Soon I found that it was impossible to go anywhere with that bullshit detector because it kept sounding alarms. It detected bullshit attempts in TV news, discussions of friends and even when Bassa Ram, my driver, asked for leave. At a distant uncle’s anniversary bash, BSDF2047 let out a wolf whistle when aunty claimed she had made the dessert. It raised alarms, sniggered, howled or shrieked whenever anyone spoke a half-truth, white lie or held out a political promise.

 

Gopu was thrilled. “Now let’s upgrade it to be a Bullshit Neutraliser! The neutraliser will blast counter-narratives to shut up all nonsensical claims!” My wife, ever the visionary, suggested the creation of a Bullshit Avenger—a device that would ‘encounter’ any person spouting propaganda, asserting technical inexactitudes or taking liberty with facts.

 

With great regret, I realised a neutraliser or an avenger would shove me into perpetual conflict with the rest of the world.
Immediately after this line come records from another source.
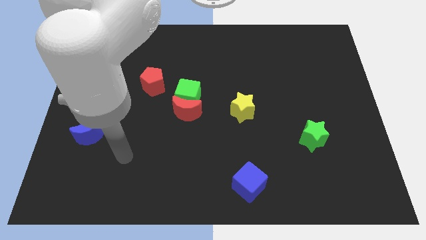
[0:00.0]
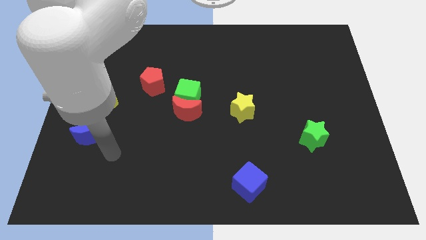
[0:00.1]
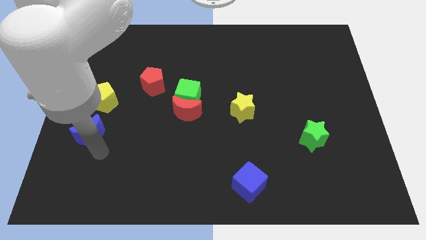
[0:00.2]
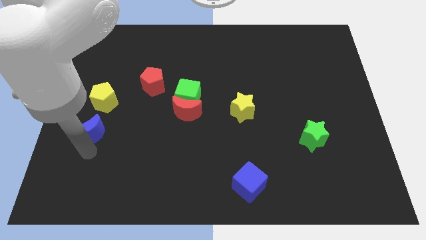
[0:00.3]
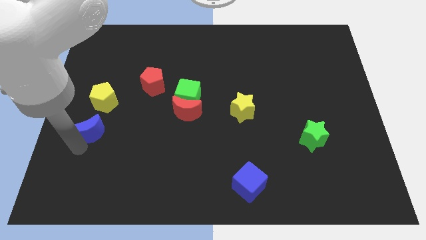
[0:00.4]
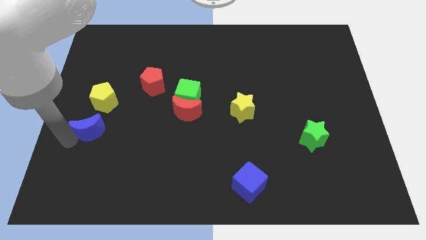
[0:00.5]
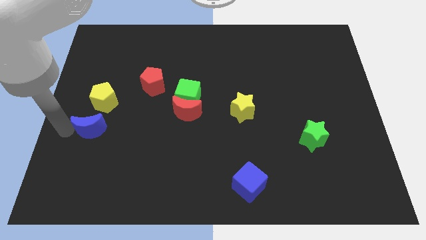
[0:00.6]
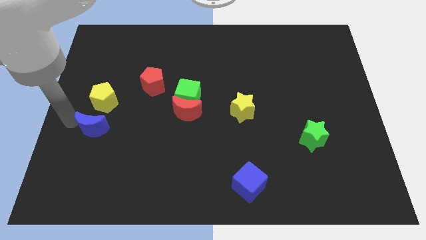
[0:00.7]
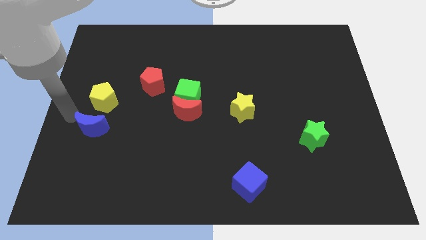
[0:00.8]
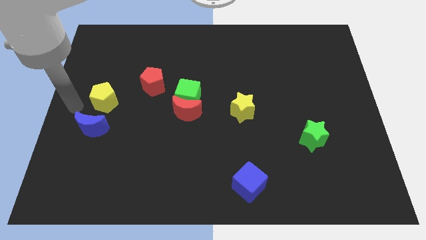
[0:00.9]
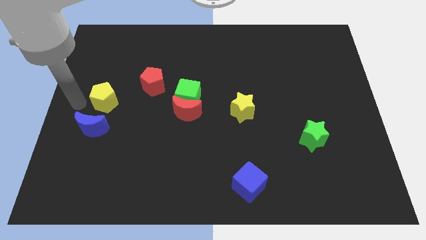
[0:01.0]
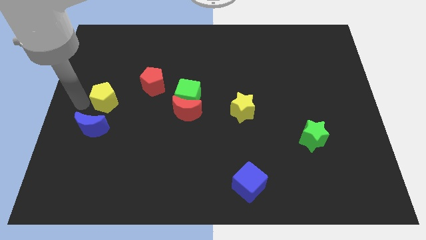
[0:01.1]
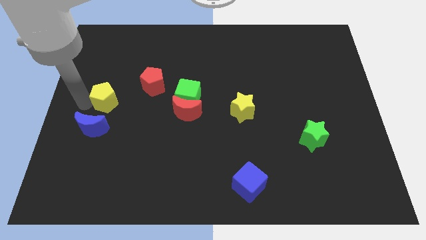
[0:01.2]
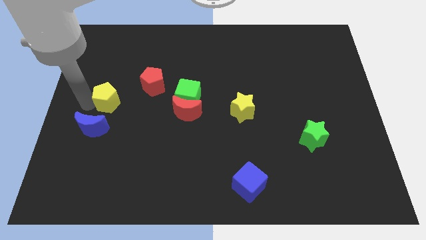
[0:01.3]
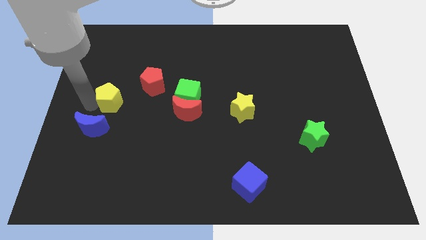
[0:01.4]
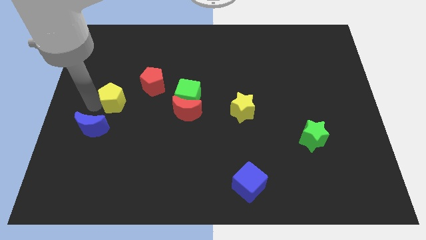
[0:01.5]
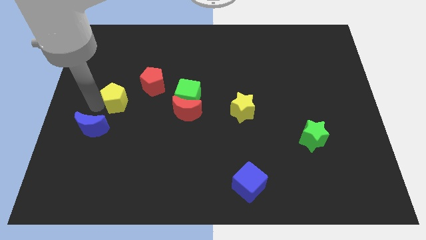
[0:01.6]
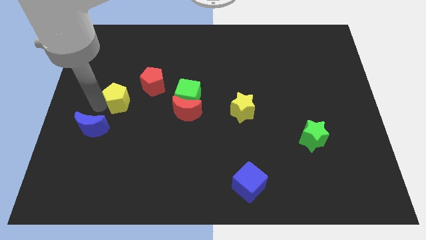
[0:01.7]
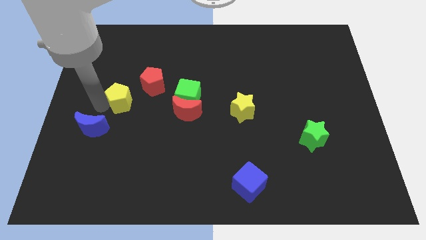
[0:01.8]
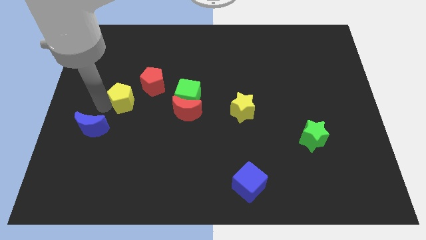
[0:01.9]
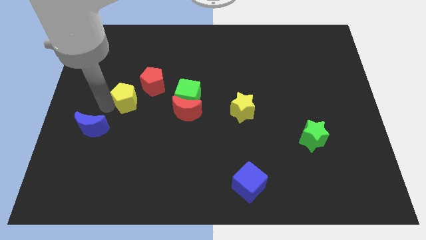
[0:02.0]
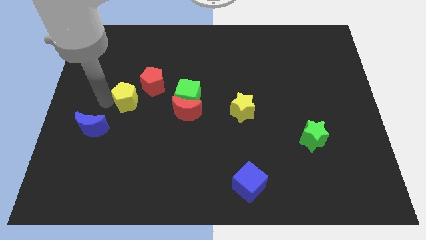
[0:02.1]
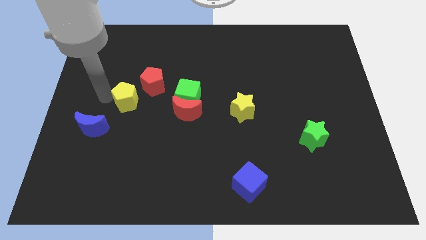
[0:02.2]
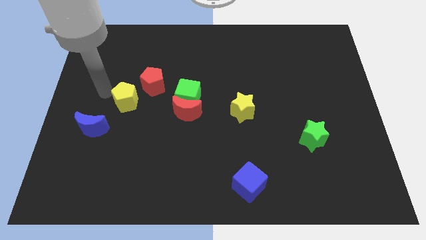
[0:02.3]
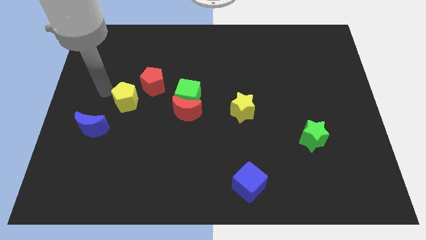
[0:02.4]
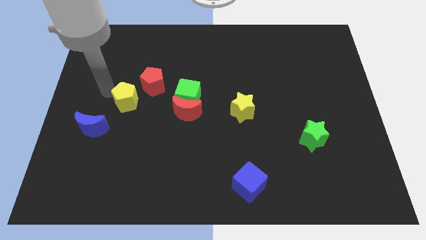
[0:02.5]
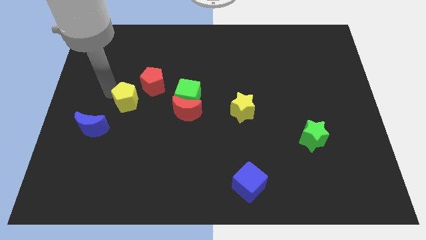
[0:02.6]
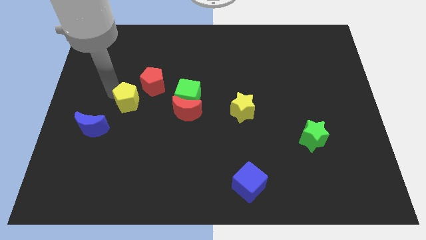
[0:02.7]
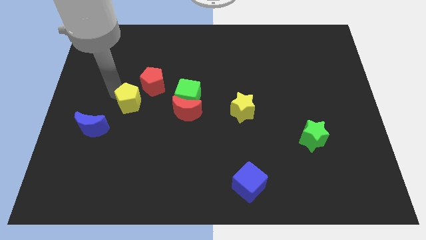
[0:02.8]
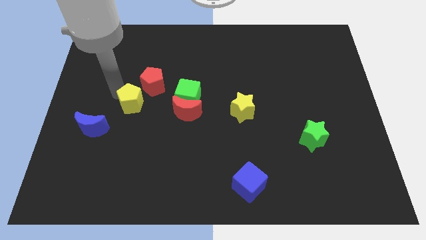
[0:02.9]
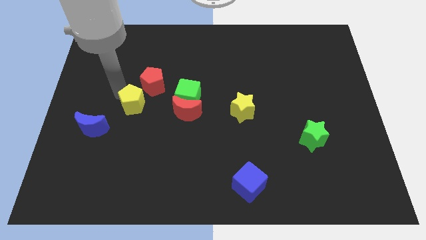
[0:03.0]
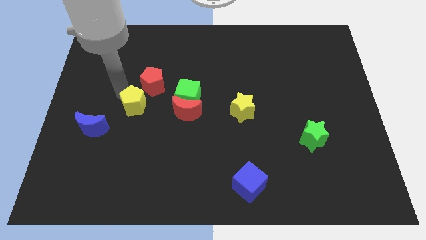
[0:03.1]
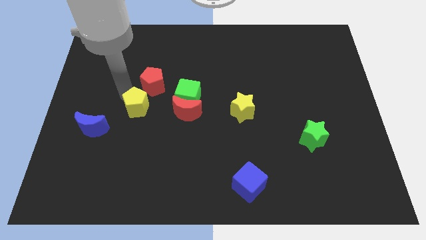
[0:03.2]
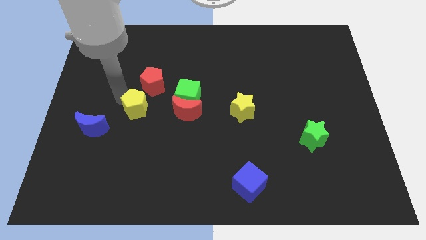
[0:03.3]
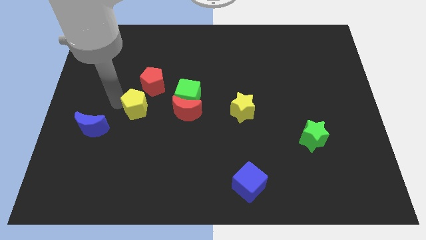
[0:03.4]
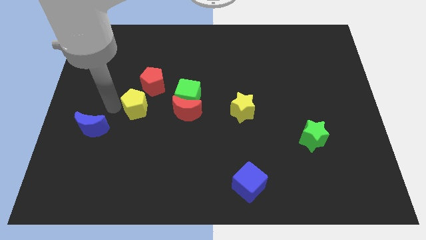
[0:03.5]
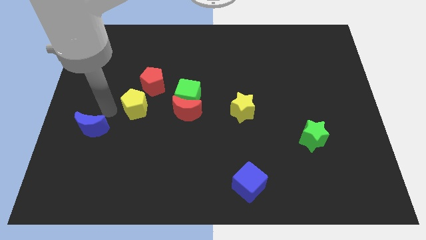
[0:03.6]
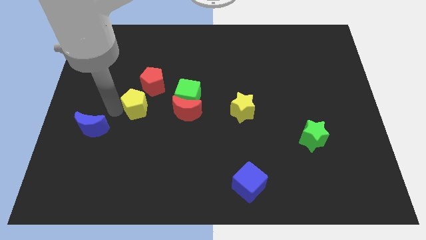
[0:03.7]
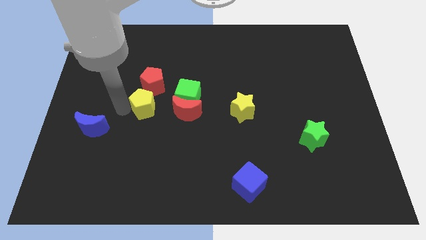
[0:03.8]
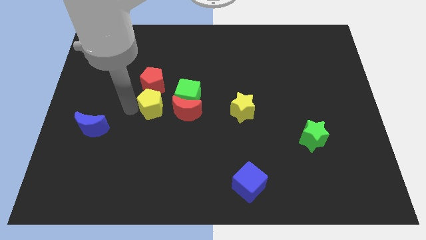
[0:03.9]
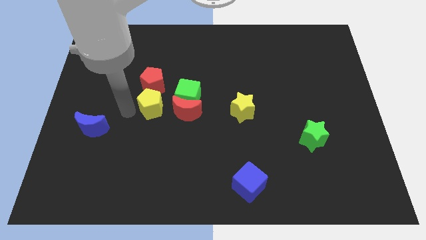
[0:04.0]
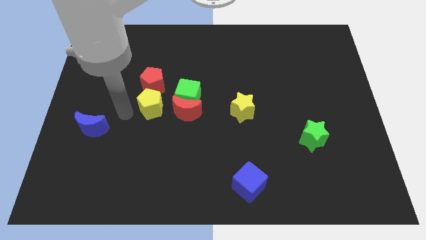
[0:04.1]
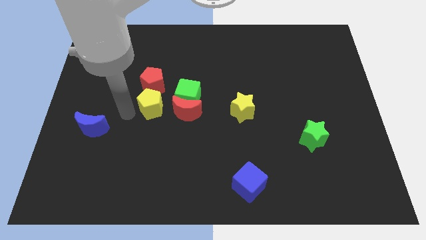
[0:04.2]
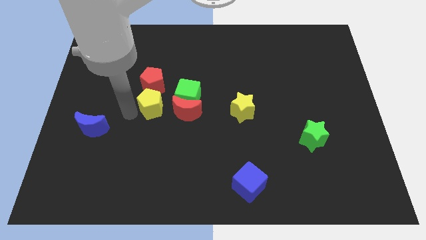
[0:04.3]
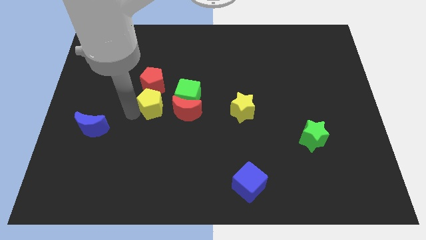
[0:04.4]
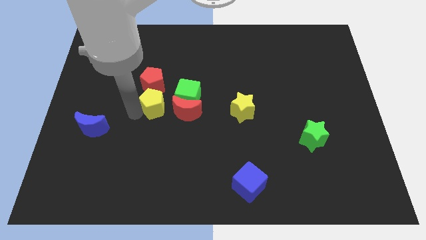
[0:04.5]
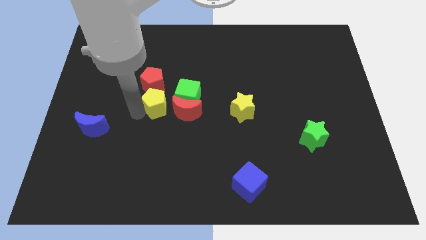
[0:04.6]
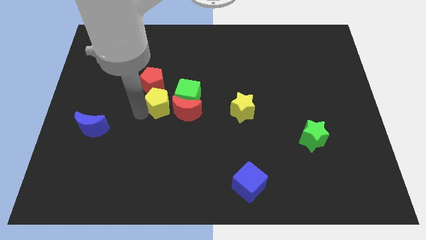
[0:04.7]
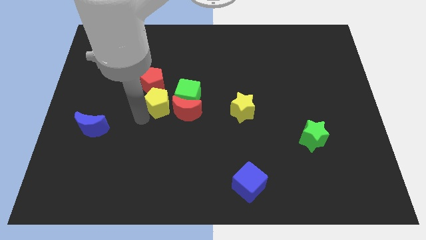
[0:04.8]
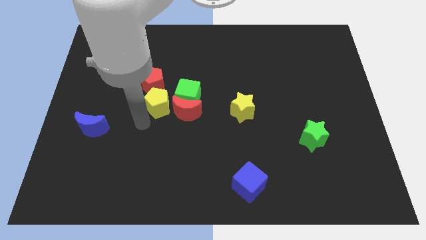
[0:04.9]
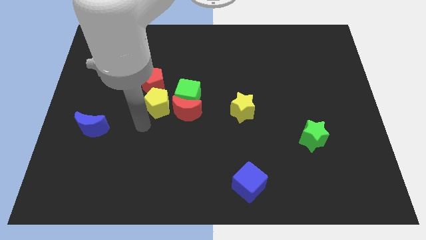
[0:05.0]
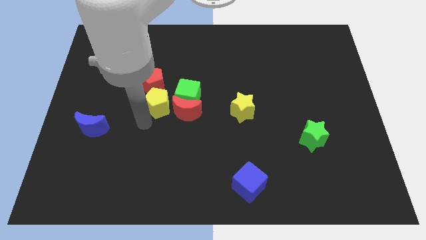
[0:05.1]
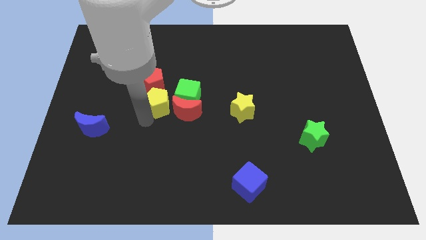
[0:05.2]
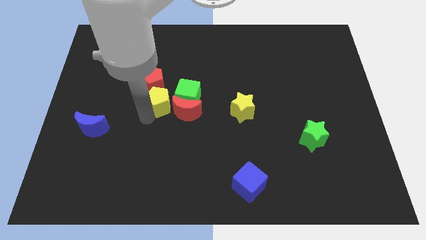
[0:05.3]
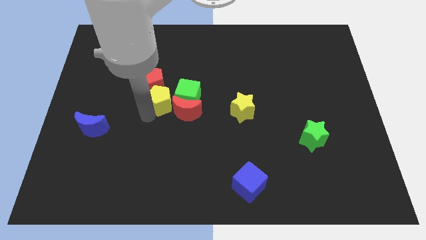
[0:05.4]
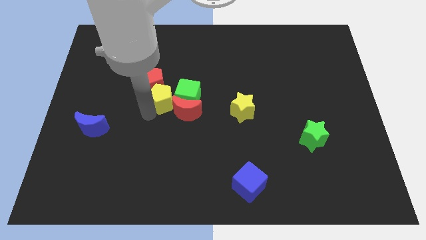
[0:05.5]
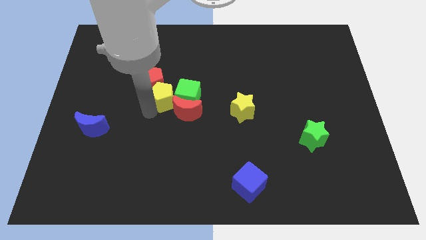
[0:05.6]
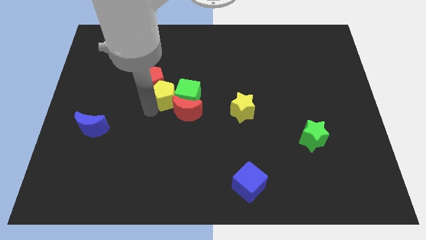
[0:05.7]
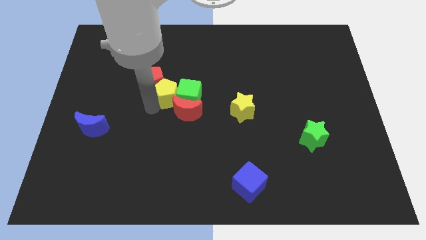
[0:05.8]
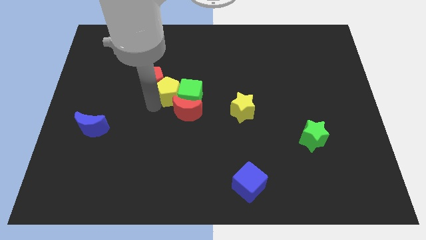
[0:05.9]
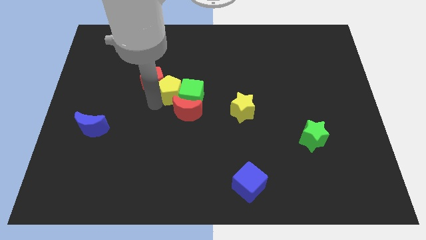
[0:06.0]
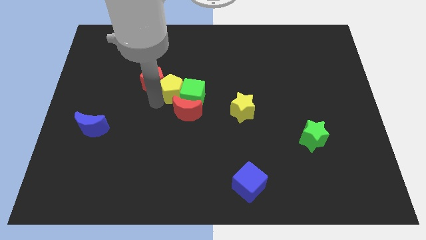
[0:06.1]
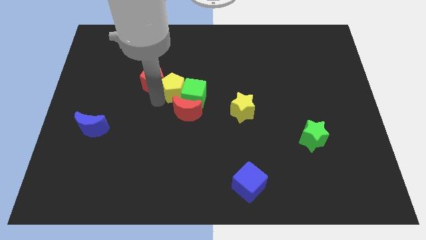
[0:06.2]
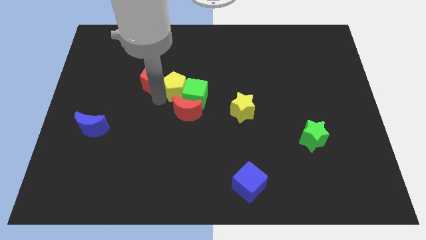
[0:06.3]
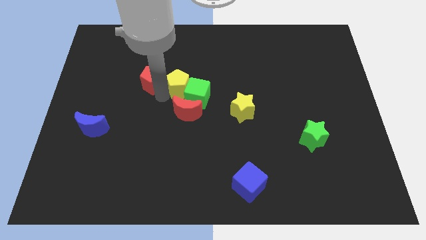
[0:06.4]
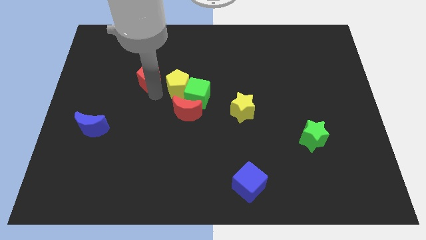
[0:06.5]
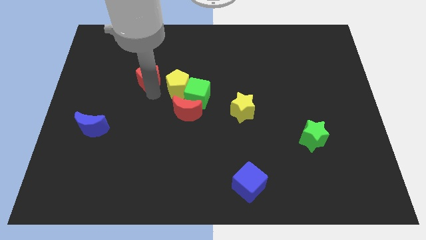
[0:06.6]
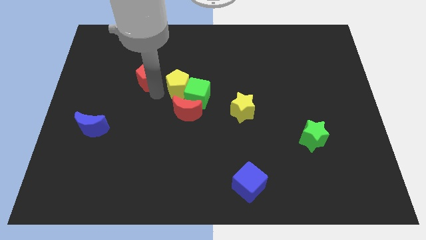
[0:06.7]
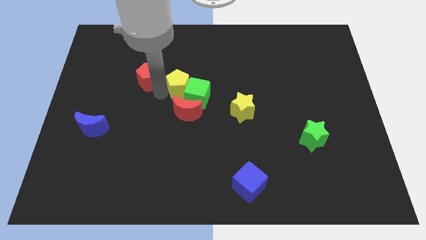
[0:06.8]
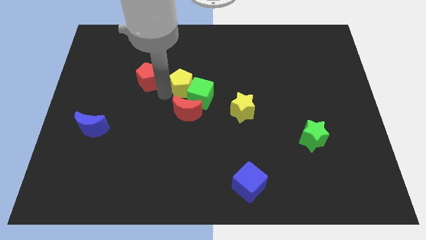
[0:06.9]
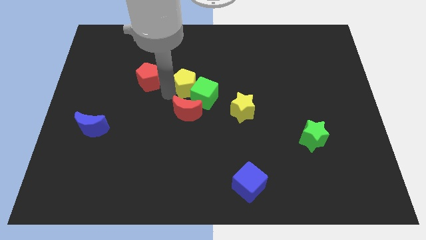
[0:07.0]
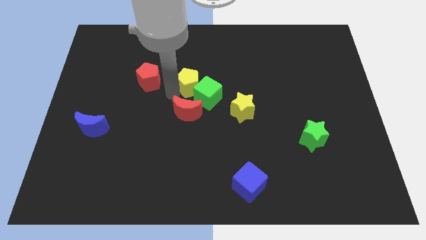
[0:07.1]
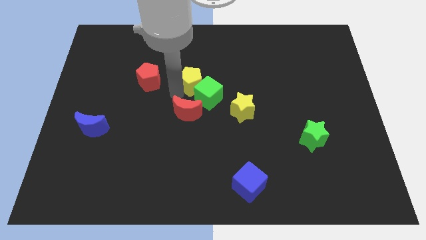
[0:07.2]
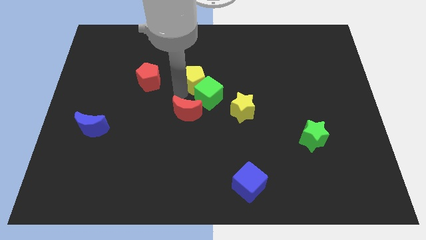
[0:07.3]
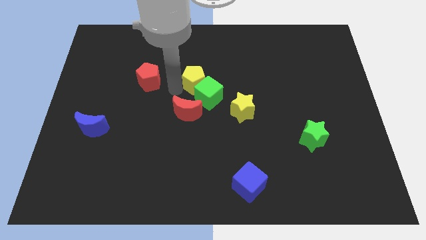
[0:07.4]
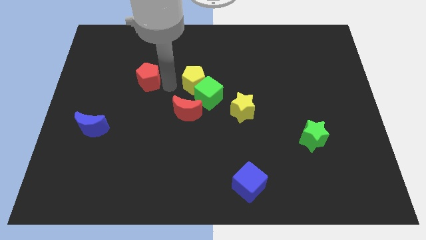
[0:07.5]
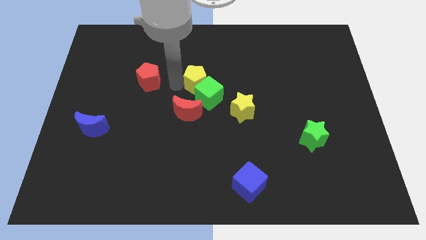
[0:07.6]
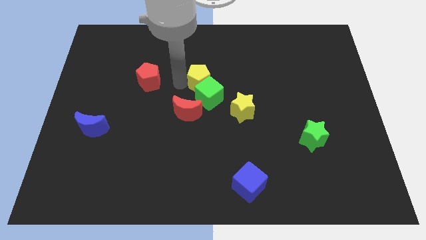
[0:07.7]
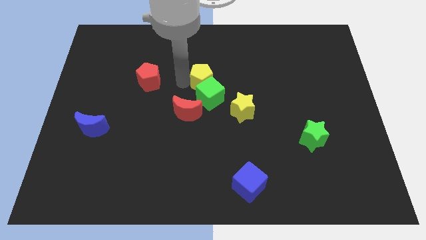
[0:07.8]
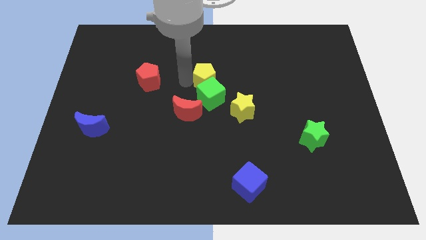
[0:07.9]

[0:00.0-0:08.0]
move the yellow pentagon diagonally up and to the right of the green cube

As it was, the BSDF2047 was driving me nuts with its ceaseless buzzing, tut-tutting and screaming. Out of sheer exasperation, I took it to the Lohawala Pul on the Yamuna River and caressed it one last time. “Over you go,” I whispered, hurling it into the abyss. “Find peace in the clean Yamuna.”

 

As it sank in the murky waters, BSDF2047 let out one final, defiant screech, in protest against my terming the Yamuna as “clean”. I swear I could see huge bubbles of indignation rise to the surface. Back home, I had to face a very miffed Ekya. “Nana, you lost your one chance to become a crorepati,” she lamented. “You could have made a fortune selling the BSDF2047 to every WhatsApp uncle in India!”